M5S, in ballo tesoretto di 4 milioni di euro. Ma gli “ex” insorgono: «È la nostra buonuscita»
Luigi Di Maio lo incasserà tra novembre e dicembre. Parliamo dell’assegno di fine mandato parlamentare che, nel caso del ministro degli Esteri (è ancora in carica), ammonta a circa 100mila euro. Fosse rimasto nel M5S, Giggino avrebbe dovuto lasciare il suo tesoretto a disposizione del gruppo secondo le ferree disposizioni impartite a suo tempo da Beppe Grillo e Gianroberto Casaleggio. Ma visto che la scissione lo ha reso libero e bello potrà trattenere per sé quello che un tempo bollava come un odioso privilegio di casta. E chissà se non stiano pensando proprio a lui tanti big rimasti nel Movimento e che ora dovrebbero incassare la loro buonuscita. Parliamo, tra gli altri, di Alfonso Bonafede, Paola Taverna, Vito Crimi, Riccardo Fraccaro, Roberto Fico, Danilo Toninelli.
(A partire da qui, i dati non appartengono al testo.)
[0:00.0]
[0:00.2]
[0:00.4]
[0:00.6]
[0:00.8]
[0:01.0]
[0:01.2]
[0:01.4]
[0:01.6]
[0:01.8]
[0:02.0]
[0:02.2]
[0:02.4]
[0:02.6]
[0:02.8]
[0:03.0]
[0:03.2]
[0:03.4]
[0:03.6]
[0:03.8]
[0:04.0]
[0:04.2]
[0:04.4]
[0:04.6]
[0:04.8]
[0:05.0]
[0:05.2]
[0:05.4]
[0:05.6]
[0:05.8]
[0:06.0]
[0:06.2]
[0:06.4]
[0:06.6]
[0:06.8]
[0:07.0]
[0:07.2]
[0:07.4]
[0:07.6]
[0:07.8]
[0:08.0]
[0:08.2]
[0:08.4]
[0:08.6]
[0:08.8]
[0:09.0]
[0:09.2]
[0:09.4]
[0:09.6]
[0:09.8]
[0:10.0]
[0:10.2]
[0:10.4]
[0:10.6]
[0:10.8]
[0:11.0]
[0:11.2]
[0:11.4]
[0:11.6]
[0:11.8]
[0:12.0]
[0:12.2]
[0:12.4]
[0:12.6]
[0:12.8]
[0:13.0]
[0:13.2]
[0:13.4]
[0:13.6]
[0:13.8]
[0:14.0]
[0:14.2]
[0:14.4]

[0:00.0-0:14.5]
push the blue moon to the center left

Il tesoretto riguarda gli assegni di fine mandato
Complessivamente, il tesoretto degli “ex” ammonta a 4 milioni di euro. Il tesoriere pentastellato già sogna di venirne in possesso per rimpinguare le casse del M5S. Si vedrà. Quel che è certo è che entro la fine dell’anno su ciascun conto corrente di ogni ex parlamentare con due mandati alle spalle arriverà una cifra di circa 90mila euro (la metà per chi ne ha espletato soltanto uno). Che faranno, l’incasseranno o la restituiranno come da codice etico pentastellato? Alessandro Di Battista optò per la seconda scelta: 43mila euro riconsegnati al Movimento. Difficile che lo emulino tutti i 46 tra deputati e senatori a fine corsa, dunque non più ricandidabili per la tagliola del doppio mandato.
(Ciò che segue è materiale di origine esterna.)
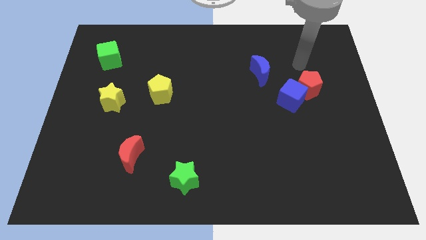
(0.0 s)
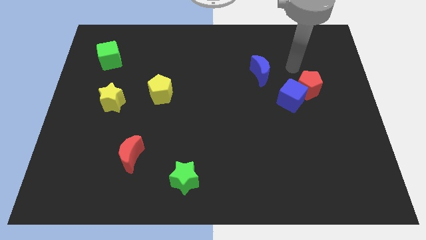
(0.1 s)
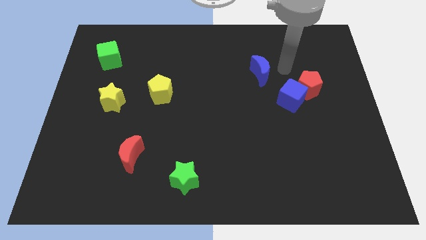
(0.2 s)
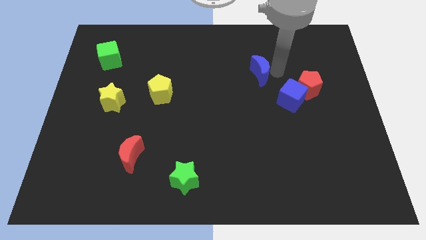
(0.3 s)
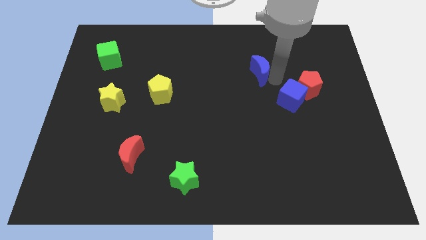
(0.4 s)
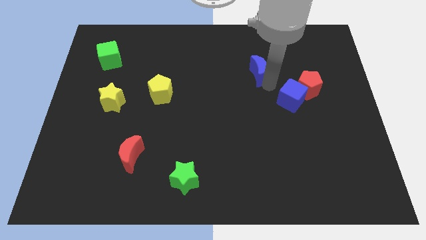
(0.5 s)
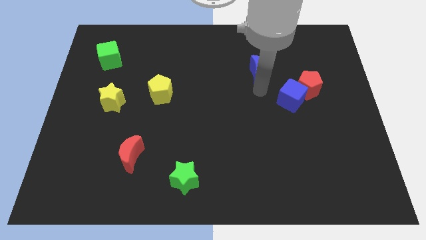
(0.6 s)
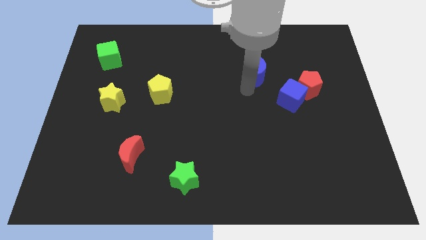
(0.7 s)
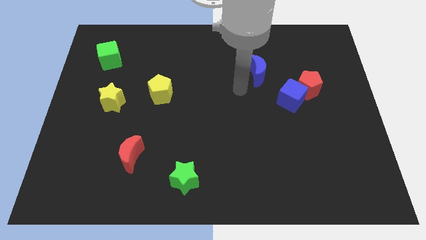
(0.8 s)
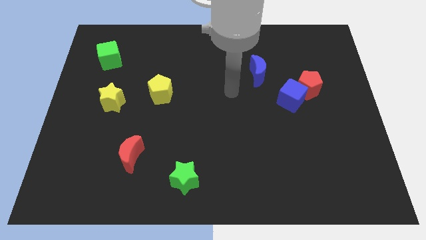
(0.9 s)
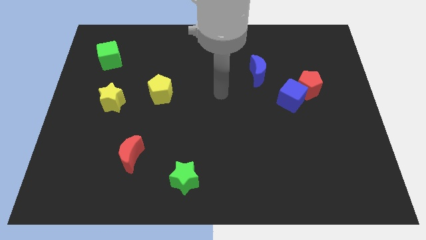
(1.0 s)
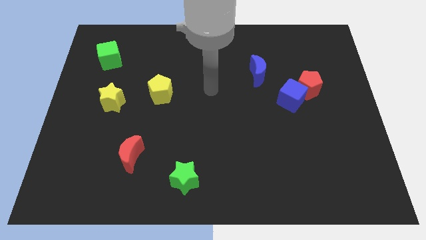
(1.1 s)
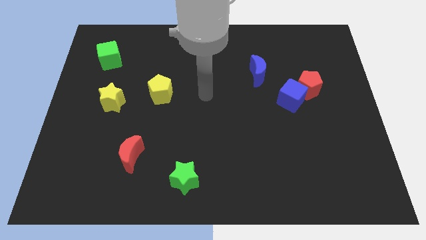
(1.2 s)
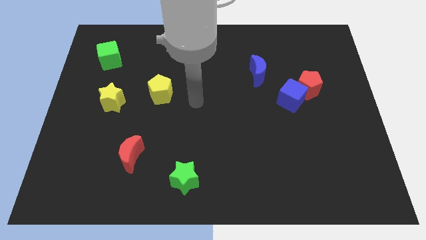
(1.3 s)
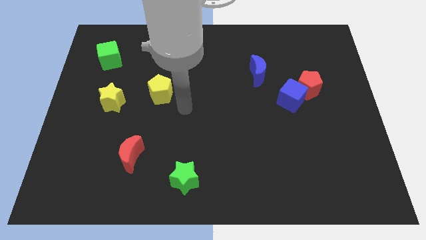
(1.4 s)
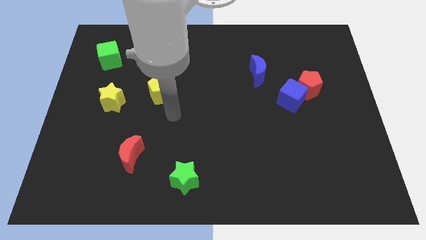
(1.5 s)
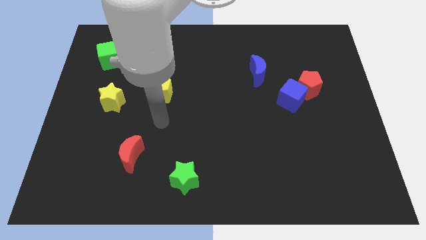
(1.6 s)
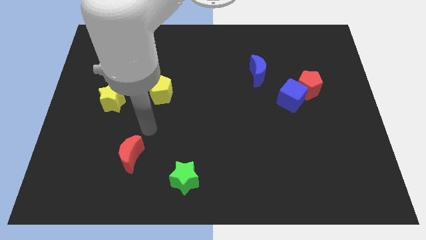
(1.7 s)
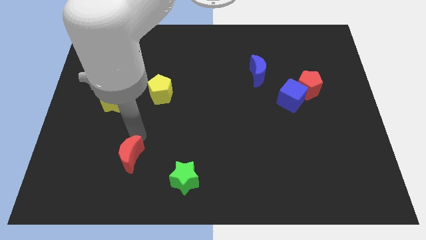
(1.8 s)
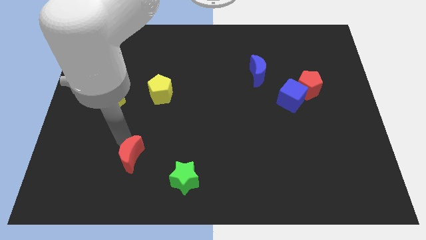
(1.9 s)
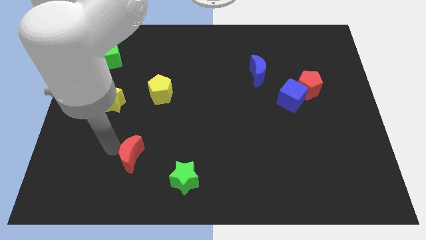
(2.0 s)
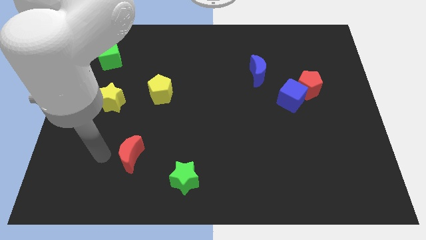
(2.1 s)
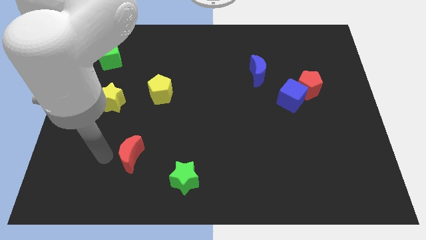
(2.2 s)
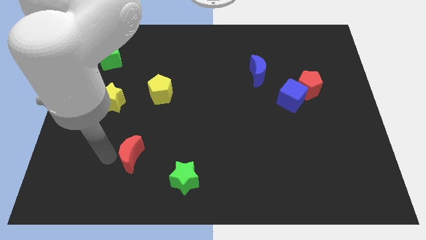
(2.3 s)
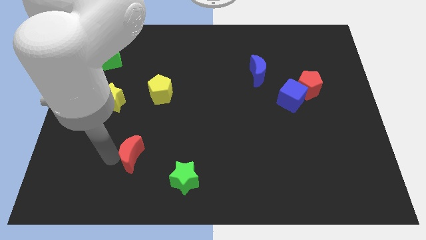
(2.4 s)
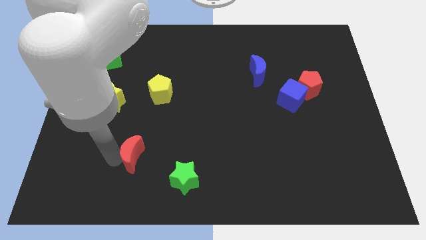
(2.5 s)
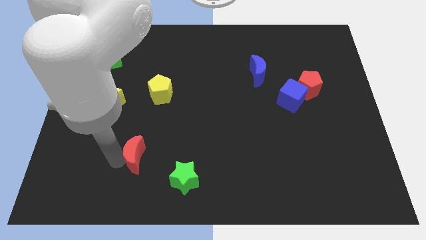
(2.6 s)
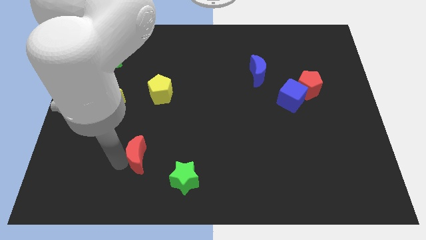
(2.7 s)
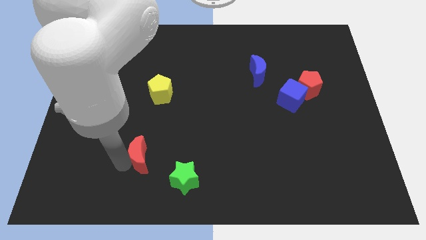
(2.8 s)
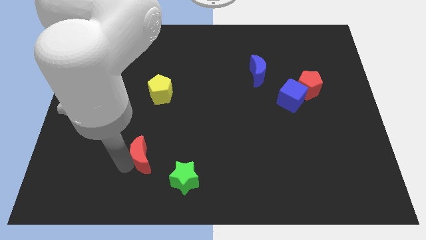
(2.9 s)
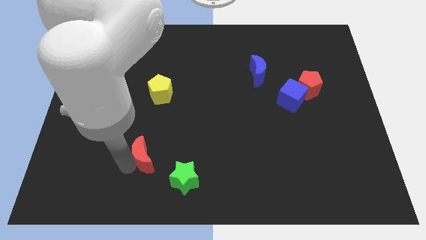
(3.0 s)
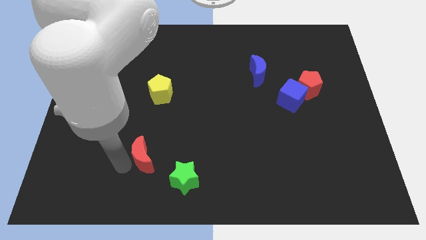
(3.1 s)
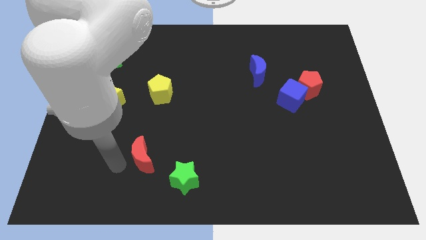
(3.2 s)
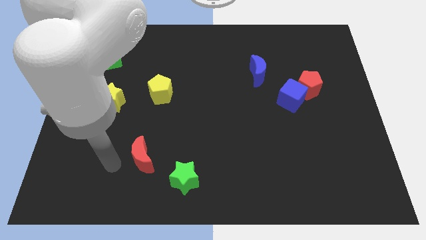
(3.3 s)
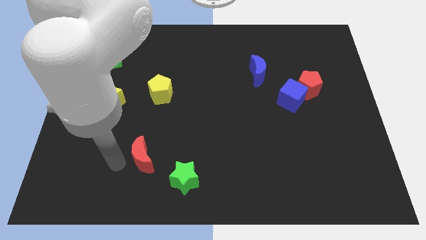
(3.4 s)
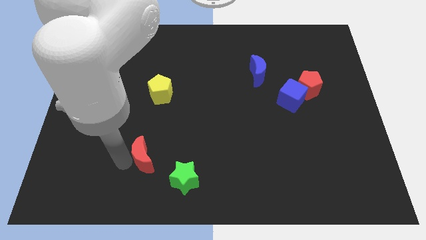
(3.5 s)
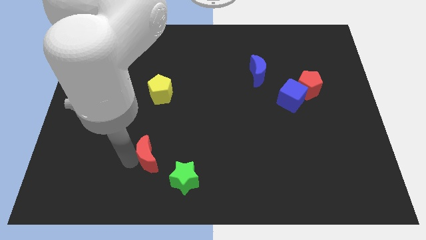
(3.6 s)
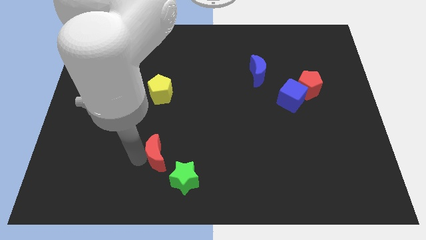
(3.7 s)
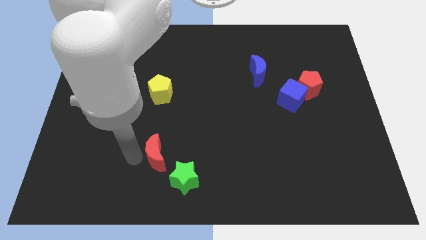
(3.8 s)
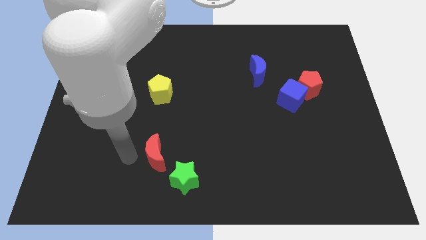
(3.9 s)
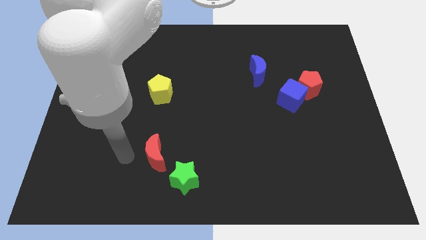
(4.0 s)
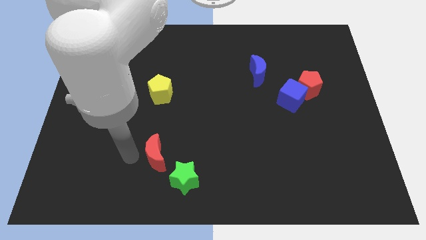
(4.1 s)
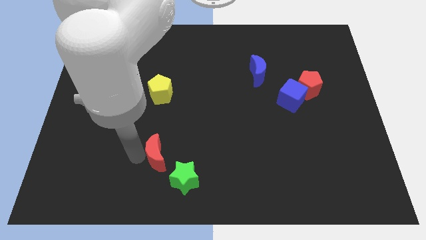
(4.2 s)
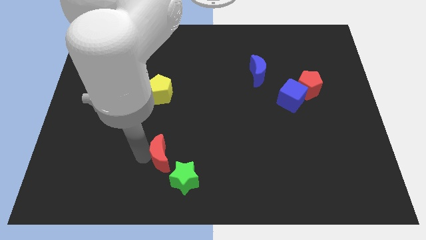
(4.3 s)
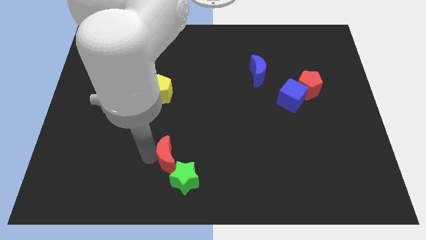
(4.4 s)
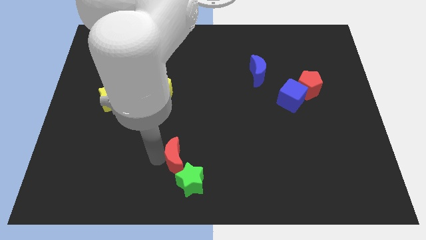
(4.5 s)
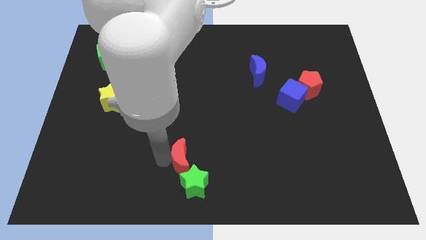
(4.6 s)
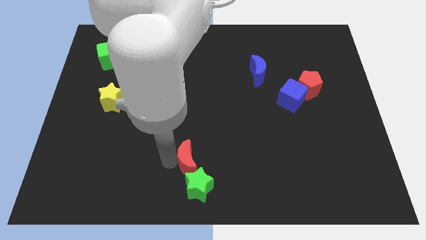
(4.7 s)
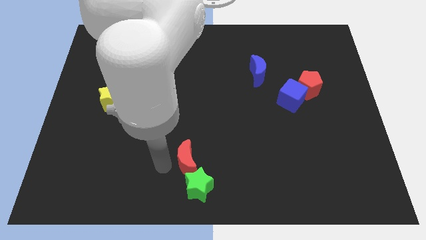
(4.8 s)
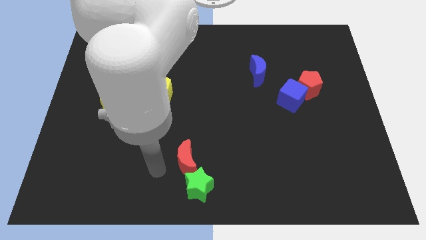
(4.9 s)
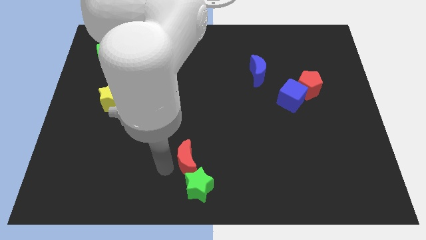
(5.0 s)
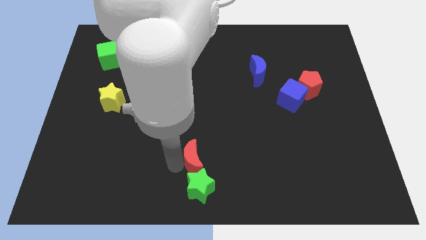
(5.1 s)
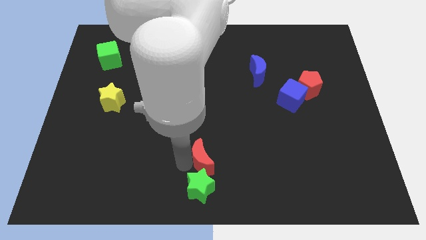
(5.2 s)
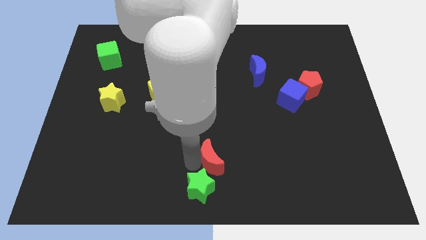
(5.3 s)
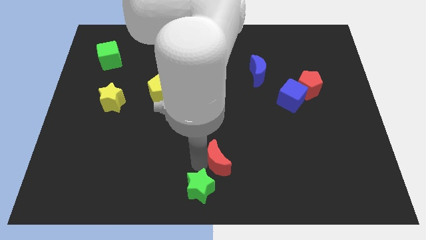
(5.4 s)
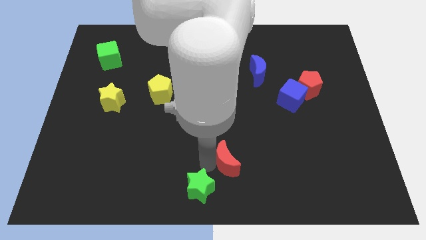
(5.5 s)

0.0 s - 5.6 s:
move the red moon right

Il codice etico grillino prevede la restituzione
Ma il codice grillino parla chiaro: «Rinunciare ad ogni trattamento pensionistico privilegiato e all’assegno di fine mandato, a doppia indennità e a doppi rimborsi». Non vale solo per il tesoretto di deputati e senatori, ma anche per quello di consiglieri regionali ed europarlamentari. E questo spiega l’attenzione con cui il vertice segue la vicenda: guai a creare il precedente. Tanto più che la “questione buonuscita” rischia d’intrecciarsi con quella, non secondaria, dei contratti e delle collaborazioni in favore di alcuni “ex”. Senza contare che, forte dei soldi resi, difficilmente Di Battista farà sconti a chi si mostrasse incoerente sul tesoretto da restituire.
La rivolta degli “ex”
Ma anche chi fa resistenza può accampare le proprie ragioni. «Noi gli abbiamo lasciato milioni di euro ai gruppi mentre i nuovi non hanno manco firmato l’impegno al taglio degli stipendi di base», si sfoga telefonicamente un “ex” con l’AdnKronos. E un altro: «Hanno preso il 2 x mille rimangiandosi la storia del Movimento e noi dovremmo dargli altri soldi? Li chiedessero a Crimi e Taverna se è vero che gli fanno il contratto». E c’è chi trascina nella polemica persino il Fondatore: «E i 300 milioni per la comunicazione di Grillo, ce li vogliamo dimenticare?». Insomma, il tesoretto rischiano di trasformare il M5S in una polveriera. Lecito dubitare che di esso ben poco tornerà indietro.